JONESBORO, AR (KAIT) --This year's drought has been difficult for firefighters and farmers. But it's been a boon for the construction industry.
Yes it's been a dry and dusty summer. But for major construction projects, it's been a banner year. I stopped by 2 large construction sites here in Region 8 to see where they stand on their work.
"Been a dream summer for us. We wouldn't have gotten this far if the weather had been like it was last year."
Brian Chancellor's work crew is on the final leg of the dirt work for the new NEA Baptist Hospital and Clinic site. When working with dirt, rain can be costly.
"It can make or break you. If it rains it can slow your schedule down and wet weather is really something you want to avoid in this line of work."
Chancellor said they are scheduled to be finished by December First but he feels confident that they will be done before that.
The biggest problems they had with the lack of rain was..
Chancellor, "Problems with grass to stabilize some of the slopes and a lot of dust. But other than that, it's been perfect."
And how dry was it this summer? According to Staff Meteorologist Sarah Tipton, we had about 7 inches total rainfall in Jonesboro since May 1st.

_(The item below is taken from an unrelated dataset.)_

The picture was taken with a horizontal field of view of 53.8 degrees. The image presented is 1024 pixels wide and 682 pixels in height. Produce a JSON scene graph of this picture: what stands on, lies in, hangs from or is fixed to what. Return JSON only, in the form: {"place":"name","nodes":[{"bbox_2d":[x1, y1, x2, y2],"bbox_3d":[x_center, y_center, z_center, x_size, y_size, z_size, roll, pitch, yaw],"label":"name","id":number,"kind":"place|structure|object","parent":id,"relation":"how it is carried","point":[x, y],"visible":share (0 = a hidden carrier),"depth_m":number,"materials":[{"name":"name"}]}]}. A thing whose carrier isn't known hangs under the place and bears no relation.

Another big construction project that has moved rapidly during the drought is construction of the new Highway 226.
Brad Smithee is the District Construction Engineer for the State Highway Department.

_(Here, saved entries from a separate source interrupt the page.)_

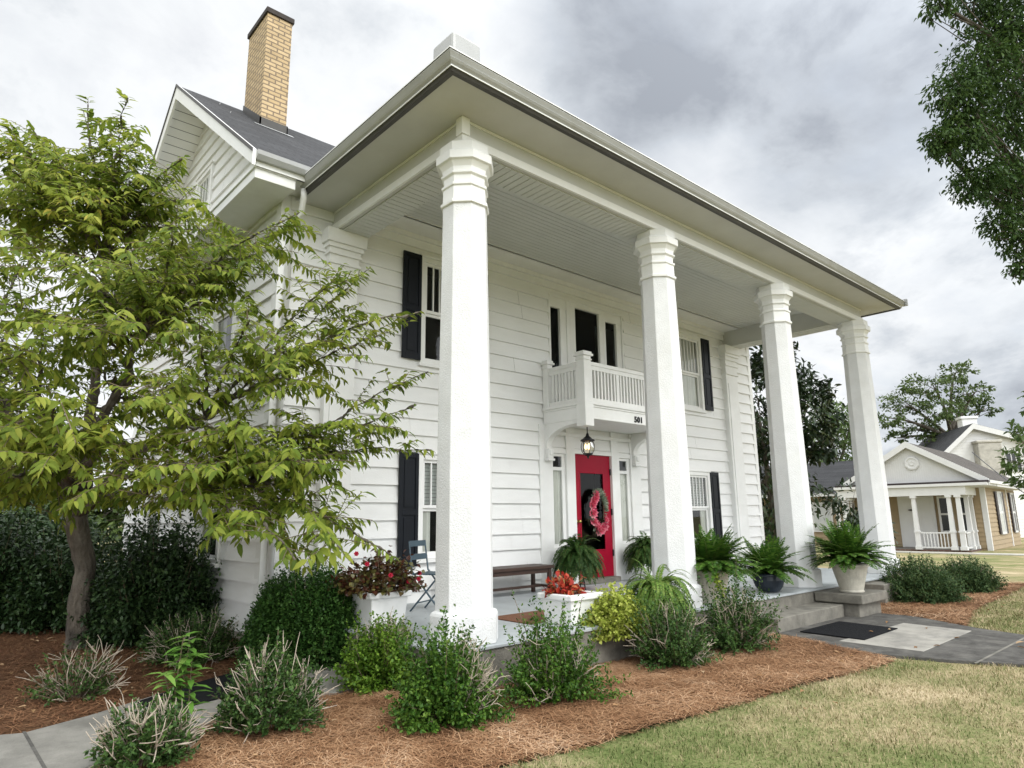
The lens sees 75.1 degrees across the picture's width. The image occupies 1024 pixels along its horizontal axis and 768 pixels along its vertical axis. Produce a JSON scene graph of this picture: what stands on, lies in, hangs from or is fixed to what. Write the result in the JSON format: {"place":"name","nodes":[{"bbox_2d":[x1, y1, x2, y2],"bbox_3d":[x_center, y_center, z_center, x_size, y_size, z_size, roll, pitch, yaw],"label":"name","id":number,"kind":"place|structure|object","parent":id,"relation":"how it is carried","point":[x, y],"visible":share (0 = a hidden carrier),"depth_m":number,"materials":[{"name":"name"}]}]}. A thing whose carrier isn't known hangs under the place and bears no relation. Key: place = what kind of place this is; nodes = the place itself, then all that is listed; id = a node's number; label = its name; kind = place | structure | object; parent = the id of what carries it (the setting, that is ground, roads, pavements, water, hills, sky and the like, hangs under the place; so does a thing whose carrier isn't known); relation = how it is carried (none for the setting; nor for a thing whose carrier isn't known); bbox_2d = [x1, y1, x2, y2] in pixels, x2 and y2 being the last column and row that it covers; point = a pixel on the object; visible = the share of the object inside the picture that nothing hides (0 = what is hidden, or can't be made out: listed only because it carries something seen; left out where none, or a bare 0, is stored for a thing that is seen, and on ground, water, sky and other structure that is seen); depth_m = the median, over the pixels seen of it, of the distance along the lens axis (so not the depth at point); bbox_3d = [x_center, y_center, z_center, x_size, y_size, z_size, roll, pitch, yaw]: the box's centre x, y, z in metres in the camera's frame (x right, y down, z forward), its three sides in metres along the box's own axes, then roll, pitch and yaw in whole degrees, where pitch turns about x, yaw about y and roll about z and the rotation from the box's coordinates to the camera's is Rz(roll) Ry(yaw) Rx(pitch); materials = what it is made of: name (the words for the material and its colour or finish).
{"place":"outdoors","nodes":[
{"label":"outdoors","id":0,"kind":"place"},
{"bbox_2d":[0,657,388,767],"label":"side path","id":1,"kind":"structure","parent":0,"point":[66,744],"depth_m":4.53,"materials":[{"name":"grey concrete"}]},
{"bbox_2d":[23,731,46,767],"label":"path joint","id":2,"kind":"object","parent":1,"relation":"on","point":[36,753],"visible":1,"depth_m":4.30,"materials":[{"name":"concrete"}]},
{"bbox_2d":[137,670,248,708],"bbox_3d":[-2.658,2.659,5.808,0.740,0.010,1.255,-7,-13,30],"label":"rubber mat","id":3,"kind":"object","parent":1,"relation":"on","point":[200,696],"visible":0.24,"depth_m":5.75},
{"bbox_2d":[0,0,1023,510],"label":"sky","id":4,"kind":"structure","parent":0,"point":[806,117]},
{"bbox_2d":[98,526,1023,767],"bbox_3d":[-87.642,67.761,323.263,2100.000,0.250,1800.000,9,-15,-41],"label":"lawn","id":5,"kind":"structure","parent":0,"point":[1011,567],"depth_m":4.70,"materials":[{"name":"green plant"}]},
{"bbox_2d":[1,465,98,529],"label":"background tree","id":6,"kind":"object","parent":5,"relation":"on","point":[27,504],"visible":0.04,"depth_m":29.42,"materials":[{"name":"green plant"}]},
{"bbox_2d":[60,462,128,550],"bbox_3d":[-21.245,6.662,34.110,5.122,6.004,5.897,9,-15,-41],"label":"background tree","id":7,"kind":"object","parent":5,"relation":"on","point":[112,515],"visible":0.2,"depth_m":33.58,"materials":[{"name":"green plant"}]},
{"bbox_2d":[0,627,893,767],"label":"mulch bed","id":8,"kind":"object","parent":5,"relation":"on","point":[78,715],"visible":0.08,"depth_m":5.58,"materials":[{"name":"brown wood"}]},
{"bbox_2d":[0,508,38,531],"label":"holly bush","id":9,"kind":"object","parent":8,"relation":"on","point":[4,513],"depth_m":13.39,"materials":[{"name":"green plant"}]},
{"bbox_2d":[0,498,106,563],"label":"holly bush","id":10,"kind":"object","parent":8,"relation":"on","point":[38,523],"visible":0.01,"depth_m":12.29,"materials":[{"name":"green plant"}]},
{"bbox_2d":[0,515,127,635],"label":"holly bush","id":11,"kind":"object","parent":8,"relation":"on","point":[46,606],"visible":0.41,"depth_m":9.13,"materials":[{"name":"green plant"}]},
{"bbox_2d":[17,636,135,706],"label":"dieback shrub","id":12,"kind":"object","parent":8,"relation":"on","point":[88,683],"visible":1,"depth_m":5.59,"materials":[{"name":"green plant"}]},
{"bbox_2d":[0,628,241,734],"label":"pine straw","id":13,"kind":"object","parent":8,"relation":"on","point":[43,661],"visible":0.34,"depth_m":6.48,"materials":[{"name":"brown plant"}]},
{"bbox_2d":[0,499,54,631],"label":"holly bush","id":14,"kind":"object","parent":13,"relation":"on","point":[8,547],"visible":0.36,"depth_m":9.41,"materials":[{"name":"green plant"}]},
{"bbox_2d":[63,501,222,651],"bbox_3d":[-4.476,2.366,8.444,1.732,1.787,1.688,-3,-12,10],"label":"holly bush","id":15,"kind":"object","parent":8,"relation":"on","point":[149,584],"visible":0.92,"depth_m":8.00,"materials":[{"name":"green plant"}]},
{"bbox_2d":[83,687,214,767],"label":"dieback shrub","id":16,"kind":"object","parent":8,"relation":"on","point":[143,740],"visible":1,"depth_m":4.00,"materials":[{"name":"green plant"}]},
{"bbox_2d":[131,603,244,671],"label":"dieback shrub","id":17,"kind":"object","parent":8,"relation":"on","point":[216,646],"visible":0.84,"depth_m":6.94,"materials":[{"name":"green plant"}]},
{"bbox_2d":[0,88,434,650],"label":"cherry tree","id":18,"kind":"object","parent":8,"relation":"on","point":[47,450],"visible":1,"depth_m":6.38,"materials":[{"name":"green plant"}]},
{"bbox_2d":[199,627,338,743],"bbox_3d":[-1.721,2.165,4.878,0.897,0.718,0.935,-7,-13,30],"label":"dieback shrub","id":19,"kind":"object","parent":8,"relation":"on","point":[270,691],"visible":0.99,"depth_m":4.70,"materials":[{"name":"green plant"}]},
{"bbox_2d":[234,561,360,671],"bbox_3d":[-2.130,2.382,6.996,1.384,1.068,1.196,9,-15,-41],"label":"hedge shrub","id":20,"kind":"object","parent":8,"relation":"on","point":[311,611],"visible":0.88,"depth_m":6.62,"materials":[{"name":"green plant"}]},
{"bbox_2d":[325,607,422,695],"bbox_3d":[-1.200,2.376,5.996,0.908,0.685,0.927,9,-15,-41],"label":"boxwood","id":21,"kind":"object","parent":8,"relation":"on","point":[370,666],"visible":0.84,"depth_m":5.82,"materials":[{"name":"green plant"}]},
{"bbox_2d":[112,630,898,767],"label":"pine straw","id":22,"kind":"object","parent":8,"relation":"on","point":[400,740],"visible":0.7,"depth_m":4.79,"materials":[{"name":"brown plant"}]},
{"bbox_2d":[142,631,212,736],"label":"tall weed","id":23,"kind":"object","parent":22,"relation":"on","point":[177,684],"visible":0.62,"depth_m":4.48,"materials":[{"name":"green plant"}]},
{"bbox_2d":[377,603,516,735],"bbox_3d":[-0.524,2.069,4.941,0.978,0.842,0.941,9,-15,-41],"label":"boxwood","id":24,"kind":"object","parent":22,"relation":"on","point":[450,687],"visible":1,"depth_m":4.77,"materials":[{"name":"green plant"}]},
{"bbox_2d":[489,590,633,710],"bbox_3d":[0.316,2.175,5.563,1.112,0.854,1.034,3,-12,-20],"label":"boxwood","id":25,"kind":"object","parent":22,"relation":"on","point":[552,670],"visible":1,"depth_m":5.36,"materials":[{"name":"green plant"}]},
{"bbox_2d":[623,579,724,671],"bbox_3d":[1.598,2.401,6.729,0.997,0.830,1.033,-3,-12,11],"label":"boxwood","id":26,"kind":"object","parent":22,"relation":"on","point":[671,644],"visible":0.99,"depth_m":6.56,"materials":[{"name":"green plant"}]},
{"bbox_2d":[0,593,1023,756],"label":"fallen leaves","id":27,"kind":"object","parent":8,"relation":"on","point":[557,739],"visible":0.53,"depth_m":6.54,"materials":[{"name":"brown plant"}]},
{"bbox_2d":[708,572,726,621],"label":"trailing vine","id":28,"kind":"object","parent":8,"relation":"on","point":[717,580],"visible":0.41,"depth_m":8.04,"materials":[{"name":"green plant"}]},
{"bbox_2d":[693,557,787,656],"bbox_3d":[2.529,2.461,7.474,1.217,0.998,1.040,9,-15,-41],"label":"boxwood","id":29,"kind":"object","parent":8,"relation":"on","point":[737,626],"visible":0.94,"depth_m":7.29,"materials":[{"name":"green plant"}]},
{"bbox_2d":[112,6,907,688],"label":"columned house","id":30,"kind":"structure","parent":5,"relation":"on","point":[562,280],"depth_m":9.44,"materials":[{"name":"white paint"}]},
{"bbox_2d":[140,467,162,551],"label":"window","id":31,"kind":"structure","parent":30,"relation":"in","point":[146,500],"depth_m":11.54,"materials":[{"name":"white paint"}]},
{"bbox_2d":[194,160,222,223],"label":"window","id":32,"kind":"structure","parent":30,"relation":"in","point":[205,179],"depth_m":11.27,"materials":[{"name":"white paint"}]},
{"bbox_2d":[193,450,227,567],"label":"window","id":33,"kind":"structure","parent":30,"relation":"in","point":[216,545],"depth_m":9.32,"materials":[{"name":"white paint"}]},
{"bbox_2d":[204,253,255,371],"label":"window","id":34,"kind":"structure","parent":30,"relation":"in","point":[219,325],"depth_m":9.88,"materials":[{"name":"white paint"}]},
{"bbox_2d":[351,588,411,628],"bbox_3d":[-1.401,2.357,7.014,0.500,0.358,0.500,9,-15,-41],"label":"square planter","id":35,"kind":"object","parent":30,"relation":"on","point":[379,603],"visible":0.52,"depth_m":6.86,"materials":[{"name":"ceramic"}]},
{"bbox_2d":[325,545,426,599],"bbox_3d":[-1.380,1.991,7.108,1.154,0.527,0.764,9,-15,-41],"label":"begonia","id":36,"kind":"object","parent":35,"relation":"in","point":[386,578],"visible":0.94,"depth_m":6.91,"materials":[{"name":"red plant"}]},
{"bbox_2d":[361,452,436,562],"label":"window","id":37,"kind":"structure","parent":30,"relation":"in","point":[428,467],"depth_m":9.32,"materials":[{"name":"white paint"}]},
{"bbox_2d":[368,253,441,381],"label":"window","id":38,"kind":"structure","parent":30,"relation":"in","point":[431,266],"depth_m":10.05,"materials":[{"name":"white paint"}]},
{"bbox_2d":[408,540,434,611],"bbox_3d":[-0.978,2.356,8.207,0.478,0.836,0.402,-6,-12,23],"label":"bistro chair","id":39,"kind":"object","parent":30,"relation":"on","point":[419,555],"visible":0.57,"depth_m":8.24,"materials":[{"name":"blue metal"}]},
{"bbox_2d":[498,610,544,624],"bbox_3d":[0.317,2.609,7.489,0.950,0.011,0.670,9,-15,-41],"label":"door mat","id":40,"kind":"object","parent":30,"relation":"on","point":[512,617],"depth_m":7.39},
{"bbox_2d":[493,564,554,591],"bbox_3d":[-0.172,2.800,9.405,1.770,0.404,0.440,9,-15,-41],"label":"porch bench","id":41,"kind":"object","parent":30,"relation":"on","point":[513,570],"visible":0.41,"depth_m":9.59,"materials":[{"name":"brown wood"}]},
{"bbox_2d":[537,590,602,625],"bbox_3d":[0.620,2.366,7.057,0.500,0.308,0.500,9,-15,-41],"label":"square planter","id":42,"kind":"object","parent":30,"relation":"on","point":[589,598],"visible":0.66,"depth_m":6.90,"materials":[{"name":"ceramic"}]},
{"bbox_2d":[542,569,585,597],"bbox_3d":[0.580,2.148,7.120,0.418,0.325,0.512,-5,-12,20],"label":"coleus","id":43,"kind":"object","parent":42,"relation":"in","point":[567,585],"visible":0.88,"depth_m":7.03,"materials":[{"name":"red plant"}]},
{"bbox_2d":[521,293,625,402],"bbox_3d":[1.167,-0.345,12.244,2.080,2.340,0.665,9,-15,-41],"label":"balcony door","id":44,"kind":"structure","parent":30,"relation":"in","point":[572,327],"depth_m":12.14,"materials":[{"name":"white paint"}]},
{"bbox_2d":[553,454,613,578],"bbox_3d":[1.139,2.356,11.824,0.970,2.200,1.003,9,-15,-41],"label":"front door","id":45,"kind":"structure","parent":30,"relation":"in","point":[594,472],"depth_m":11.58,"materials":[{"name":"red paint"}]},
{"bbox_2d":[589,488,609,535],"bbox_3d":[1.526,2.204,11.483,0.567,0.836,0.157,9,-15,-41],"label":"door wreath","id":46,"kind":"object","parent":45,"relation":"hanging from","point":[599,527],"depth_m":11.44,"materials":[{"name":"pink plant"}]},
{"bbox_2d":[580,427,594,458],"bbox_3d":[1.243,0.943,10.957,0.236,0.575,0.236,9,-15,-41],"label":"pendant lantern","id":47,"kind":"object","parent":30,"relation":"hanging from","point":[587,438],"visible":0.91,"depth_m":10.89,"materials":[{"name":"black paint"}]},
{"bbox_2d":[581,581,651,643],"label":"lime vine","id":48,"kind":"object","parent":30,"relation":"on","point":[617,609],"visible":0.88,"depth_m":6.81,"materials":[{"name":"plant"}]},
{"bbox_2d":[623,558,698,635],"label":"asparagus fern","id":49,"kind":"object","parent":30,"relation":"on","point":[649,582],"visible":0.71,"depth_m":7.21,"materials":[{"name":"green plant"}]},
{"bbox_2d":[649,469,713,538],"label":"window","id":50,"kind":"structure","parent":30,"relation":"in","point":[699,479],"depth_m":13.82,"materials":[{"name":"white paint"}]},
{"bbox_2d":[678,330,706,413],"bbox_3d":[3.750,-0.251,14.178,1.000,1.695,0.169,9,-15,-41],"label":"window","id":51,"kind":"structure","parent":30,"relation":"in","point":[690,344],"depth_m":14.30,"materials":[{"name":"white paint"}]},
{"bbox_2d":[696,569,728,603],"bbox_3d":[2.541,2.589,8.523,0.548,0.403,0.548,9,-15,-41],"label":"stone urn","id":52,"kind":"object","parent":30,"relation":"on","point":[702,581],"visible":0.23,"depth_m":8.35,"materials":[{"name":"stone"}]},
{"bbox_2d":[694,523,761,583],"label":"boston fern","id":53,"kind":"object","parent":52,"relation":"in","point":[710,550],"visible":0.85,"depth_m":8.34,"materials":[{"name":"green plant"}]},
{"bbox_2d":[751,573,784,592],"bbox_3d":[3.714,2.870,9.639,0.474,0.263,0.474,9,-15,-41],"label":"glazed pot","id":54,"kind":"object","parent":30,"relation":"on","point":[773,583],"visible":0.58,"depth_m":9.47,"materials":[{"name":"blue ceramic"}]},
{"bbox_2d":[729,534,816,584],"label":"boston fern","id":55,"kind":"object","parent":54,"relation":"in","point":[769,556],"visible":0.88,"depth_m":9.55,"materials":[{"name":"green plant"}]},
{"bbox_2d":[829,562,869,592],"bbox_3d":[5.033,2.877,9.905,0.548,0.403,0.548,9,-15,-41],"label":"stone urn","id":56,"kind":"object","parent":30,"relation":"on","point":[850,580],"visible":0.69,"depth_m":9.74,"materials":[{"name":"stone"}]},
{"bbox_2d":[798,518,904,572],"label":"boston fern","id":57,"kind":"object","parent":56,"relation":"in","point":[842,546],"visible":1,"depth_m":9.80,"materials":[{"name":"green plant"}]},
{"bbox_3d":[1.016,2.911,10.269,0.330,0.502,0.330,9,-15,-41],"label":"pot stand","id":58,"kind":"object","parent":30,"relation":"on","visible":0},
{"bbox_2d":[551,534,605,585],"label":"boston fern","id":59,"kind":"object","parent":58,"relation":"in","point":[574,553],"visible":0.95,"depth_m":10.06,"materials":[{"name":"green plant"}]},
{"bbox_3d":[2.354,3.156,11.570,0.330,0.502,0.330,9,-15,-41],"label":"pot stand","id":60,"kind":"object","parent":30,"relation":"on","visible":0},
{"bbox_2d":[622,531,651,573],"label":"boston fern","id":61,"kind":"object","parent":60,"relation":"in","point":[640,552],"visible":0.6,"depth_m":11.41,"materials":[{"name":"green plant"}]},
{"bbox_2d":[749,341,848,543],"bbox_3d":[7.766,2.022,20.175,4.253,6.999,4.241,9,-15,-41],"label":"magnolia tree","id":62,"kind":"object","parent":5,"relation":"on","point":[824,453],"visible":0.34,"depth_m":19.74,"materials":[{"name":"green plant"}]},
{"bbox_2d":[759,461,854,544],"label":"tan house","id":63,"kind":"structure","parent":5,"relation":"on","point":[830,475],"depth_m":37.48,"materials":[{"name":"grey"}]},
{"bbox_2d":[811,502,833,531],"bbox_3d":[17.102,7.327,36.705,1.100,1.600,0.090,-12,-16,43],"label":"window","id":64,"kind":"structure","parent":63,"relation":"in","point":[821,520],"depth_m":36.69,"materials":[{"name":"white paint"}]},
{"bbox_2d":[801,397,879,462],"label":"background tree","id":65,"kind":"object","parent":5,"relation":"on","point":[846,438],"visible":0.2,"depth_m":45.44,"materials":[{"name":"green plant"}]},
{"bbox_2d":[817,477,898,552],"bbox_3d":[11.425,4.538,22.143,2.504,2.835,1.862,0,-11,-3],"label":"magnolia tree","id":66,"kind":"object","parent":5,"relation":"on","point":[849,517],"visible":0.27,"depth_m":22.04,"materials":[{"name":"green plant"}]},
{"bbox_2d":[773,613,1023,666],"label":"front walk","id":67,"kind":"structure","parent":5,"relation":"on","point":[973,645],"depth_m":7.44,"materials":[{"name":"concrete"}]},
{"bbox_2d":[800,621,897,639],"bbox_3d":[4.259,3.091,8.377,1.180,0.010,0.780,9,-15,-41],"label":"rubber mat","id":68,"kind":"object","parent":67,"relation":"on","point":[850,630],"visible":1,"depth_m":8.32,"materials":[{"name":"black rubber"}]},
{"bbox_2d":[841,623,969,651],"bbox_3d":[4.782,3.034,8.003,1.899,0.034,0.880,9,-15,-41],"label":"walk patch","id":69,"kind":"object","parent":67,"relation":"on","point":[907,636],"visible":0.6,"depth_m":7.84,"materials":[{"name":"concrete"}]},
{"bbox_2d":[975,637,1023,662],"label":"walk joint","id":70,"kind":"object","parent":67,"relation":"on","point":[982,659],"visible":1,"depth_m":7.01,"materials":[{"name":"concrete"}]},
{"bbox_2d":[833,441,1023,552],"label":"tan house","id":71,"kind":"structure","parent":5,"relation":"on","point":[941,501],"depth_m":30.41,"materials":[{"name":"white wood"}]},
{"bbox_2d":[897,496,939,546],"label":"wall","id":72,"kind":"structure","parent":71,"relation":"in","point":[925,504],"depth_m":31.37,"materials":[{"name":"white paint"}]},
{"bbox_2d":[936,496,949,531],"bbox_3d":[19.939,6.003,30.680,0.500,1.650,0.051,-12,-16,43],"label":"window","id":73,"kind":"structure","parent":71,"relation":"in","point":[941,500],"depth_m":30.72,"materials":[{"name":"glass"}]},
{"bbox_2d":[960,496,966,531],"bbox_3d":[20.509,5.885,30.132,0.500,1.650,0.051,-12,-16,43],"label":"window","id":74,"kind":"structure","parent":71,"relation":"in","point":[961,498],"depth_m":30.19,"materials":[{"name":"glass"}]},
{"bbox_2d":[972,452,1023,492],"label":"utility cable","id":75,"kind":"object","parent":71,"relation":"attached to","point":[996,472],"visible":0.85,"depth_m":30.22,"materials":[{"name":"black paint"}]},
{"bbox_2d":[995,491,1007,533],"bbox_3d":[23.357,6.140,31.805,1.151,2.000,0.097,10,-16,-43],"label":"window","id":76,"kind":"structure","parent":71,"relation":"in","point":[1001,509],"depth_m":31.90,"materials":[{"name":"white paint"}]},
{"bbox_2d":[1010,493,1018,532],"bbox_3d":[25.725,6.587,34.168,0.801,2.000,0.072,10,-16,-44],"label":"window","id":77,"kind":"structure","parent":71,"relation":"in","point":[1011,494],"depth_m":34.27,"materials":[{"name":"white paint"}]},
{"bbox_2d":[877,359,1003,446],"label":"background tree","id":78,"kind":"object","parent":5,"relation":"on","point":[971,400],"visible":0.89,"depth_m":51.65,"materials":[{"name":"green plant"}]},
{"bbox_2d":[880,580,1023,625],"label":"mulch bed","id":79,"kind":"object","parent":5,"relation":"on","point":[937,618],"visible":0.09,"depth_m":10.16,"materials":[{"name":"brown plant"}]},
{"bbox_2d":[878,551,973,605],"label":"juniper shrub","id":80,"kind":"object","parent":79,"relation":"on","point":[925,583],"visible":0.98,"depth_m":11.01,"materials":[{"name":"green plant"}]},
{"bbox_2d":[937,552,1008,593],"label":"juniper shrub","id":81,"kind":"object","parent":79,"relation":"on","point":[974,576],"visible":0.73,"depth_m":12.39,"materials":[{"name":"green plant"}]},
{"bbox_2d":[896,551,1023,555],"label":"neighbour walk","id":82,"kind":"structure","parent":5,"relation":"on","point":[1010,554],"depth_m":27.16,"materials":[{"name":"concrete"}]},
{"bbox_2d":[914,0,1023,284],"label":"pecan tree","id":83,"kind":"object","parent":5,"relation":"on","point":[980,130],"visible":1,"depth_m":10.68,"materials":[{"name":"green plant"}]},
{"bbox_2d":[919,416,1023,536],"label":"white house","id":84,"kind":"structure","parent":5,"relation":"on","point":[967,437],"depth_m":45.38,"materials":[{"name":"paint"}]},
{"bbox_2d":[1004,452,1022,471],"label":"window","id":85,"kind":"structure","parent":84,"relation":"in","point":[1012,457],"depth_m":44.91,"materials":[{"name":"white paint"}]},
{"bbox_2d":[995,391,1023,503],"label":"young tree","id":86,"kind":"object","parent":5,"relation":"on","point":[1019,438],"visible":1,"depth_m":13.04,"materials":[{"name":"green plant"}]},
{"bbox_2d":[968,587,1023,633],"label":"grass","id":87,"kind":"structure","parent":0,"point":[1013,617],"depth_m":9.63,"materials":[{"name":"green plant"}]}
]}

"Where you're hauling earthwork building bridges, things like that. Dry days certainly benefit that work."
With very little rain it's been easy to get ditch work done. I was able to walk through a square drainage conduit which had about an inch coating of dry buckshot on the floor.
Smithee, "There were several cross drains, several reinforced concrete box culverts that were done. . And while the low areas are dry it makes construction much easier. Our contractors can certainly work under those wet conditions and we do all the time, but a year like this certainly accelerates that entire process."
The new highway bed has had it's initial paving done from the Cash river to the 67/226 intersection, all done during the summer heat which though beneficial to building took it's tole on personnel. Chancellor had one hospitalized at the hospital site. Heat was also hard on the highway workers.
Smithee, "Almost all of our contractors had at least something in the nature of heat exhaustion. Some of them were more severe." Smithee said they had several cases of sever heat related illnesses.
The Summer is over , the drought still lingers on but certainly leaving behind some good things as far as progress goes.